Based on visits to friend’s layouts where they had used real sand and it looked great, I decided to experiment with that instead. I weighted equal volumes of WS ballast and sand and found that the real sand was 2.5 times as heavy as the WS stuff. It tends to stay put after application even when it is wetted and glued.
Cost is not really a factor, because this is a hobby after all. I did find the sand to be much cheaper, with the best deal being from our local landscaping centre were I got a 5 gallon pail full that I could barely lift for under $2.00. Such a deal! Another source is paver sand from a home improvement centre. It is all quite different in colours so it helps to search a bit and then get enough to last a while.
I also experimented with some other commercial products that are real crushed rock, but I found them to be far too uniform in colour, which may be suitable for some railroads, but certainly is not for where my prototype was. Also, it seemed to have a kind of unnatural sheen, almost translucent, under some lighting, that I didn’t care for.
OK, so how do I install it?
Instead of a spoon, or other open container, I use a small squeeze bottle with the tip cut off to pour it over the ties. After a bit of practice you can estimate how much to pour so that it will fill in between the ties without overtopping them. To spread it, I first use just my dry fingers to run back and forth along the tops of the ties. If there is too much to nestle neatly between the ties, I use a coarse paint brush to move some of it along. With the brush held vertical, the bristles will sweep down just a bit between the ties to remove some material. This will leave some grains on top of the ties, so a finger is again used to push them off into between the ties.
Most prototype track of the transition era had the ballast just a bit lower than the tops of the ties, rather than right up to the top. By working to arrange the ballast this way, a bit of room is left to easily push errant grains off the tops and into the space between the ties.
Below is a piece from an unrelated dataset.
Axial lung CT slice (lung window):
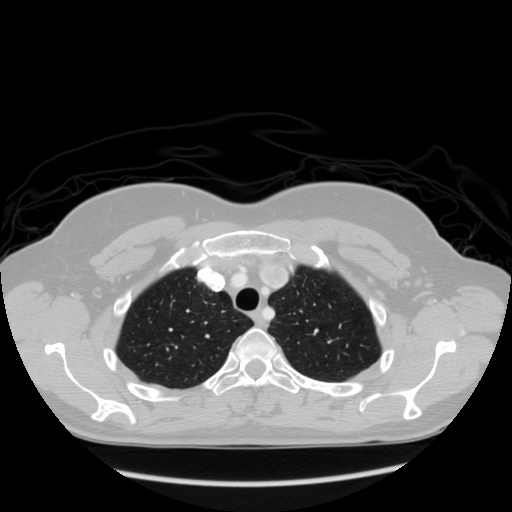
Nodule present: no
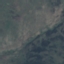
Label: HerbaceousVegetation
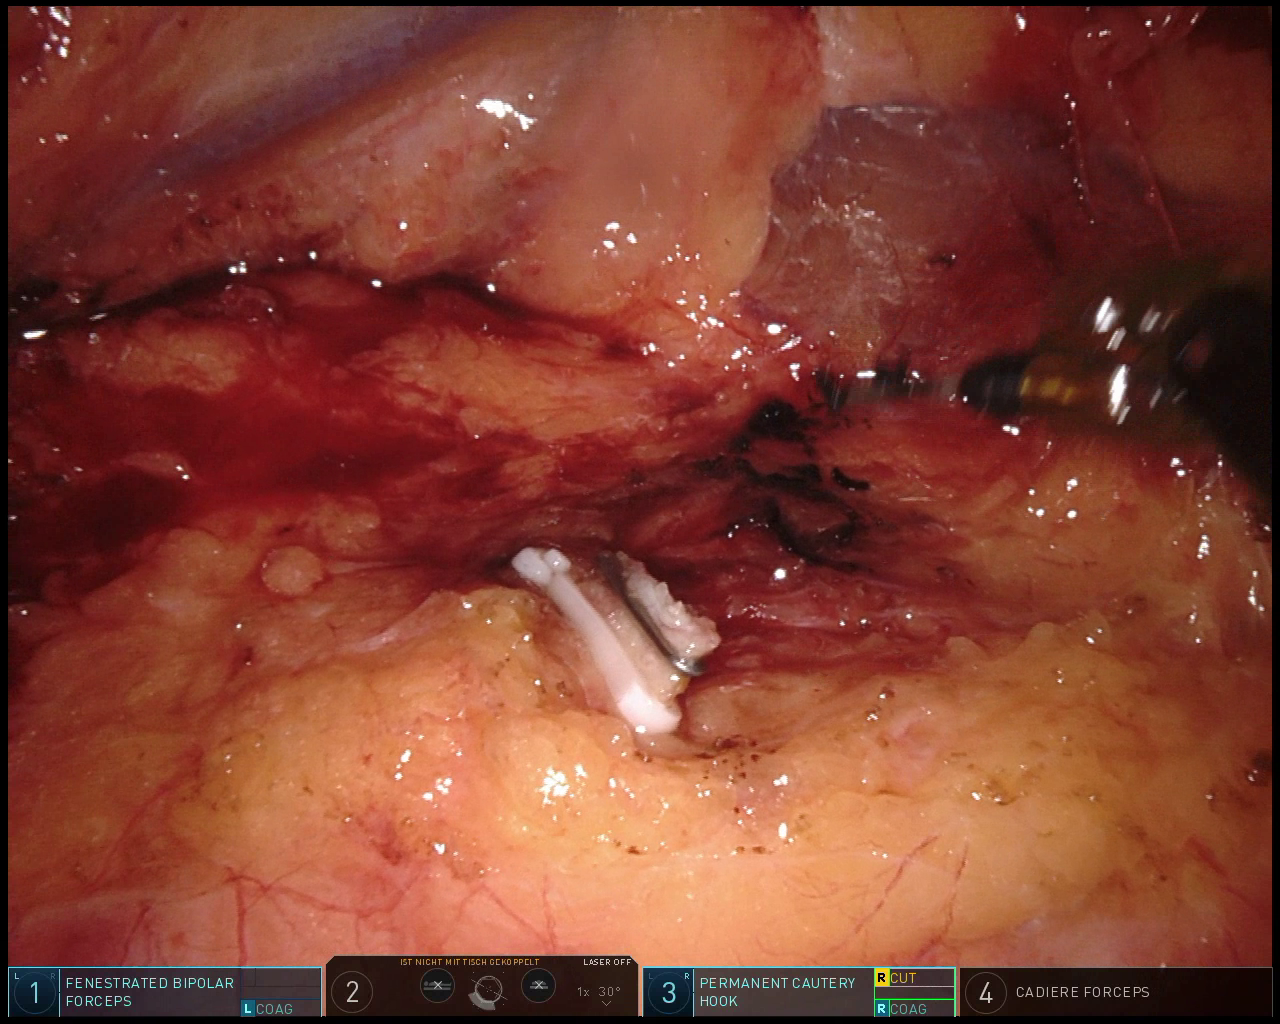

The one problem with your finger is that is is rounded, and does not completely get into the corner between the rail and the tie. For a final tidy up I use a cosmetic wedge sponge that I trimmed to just fit between the rails. This slides along the tops of the ties and pushes the last few grains into the inter-tie spaces.
Some videos show tapping the rails to settle the ballast off of the ties, but that doesn’t seem to work for me with the sand, I suspect due to its weight. It may work with the lighter materials. Try it and see how it goes.
Once the ballast is all nicely applied where it needs to go the next step is to fix it with a dilute glue mixture of some kind. Again, the issue of what to use comes up, so guess what, more experiments!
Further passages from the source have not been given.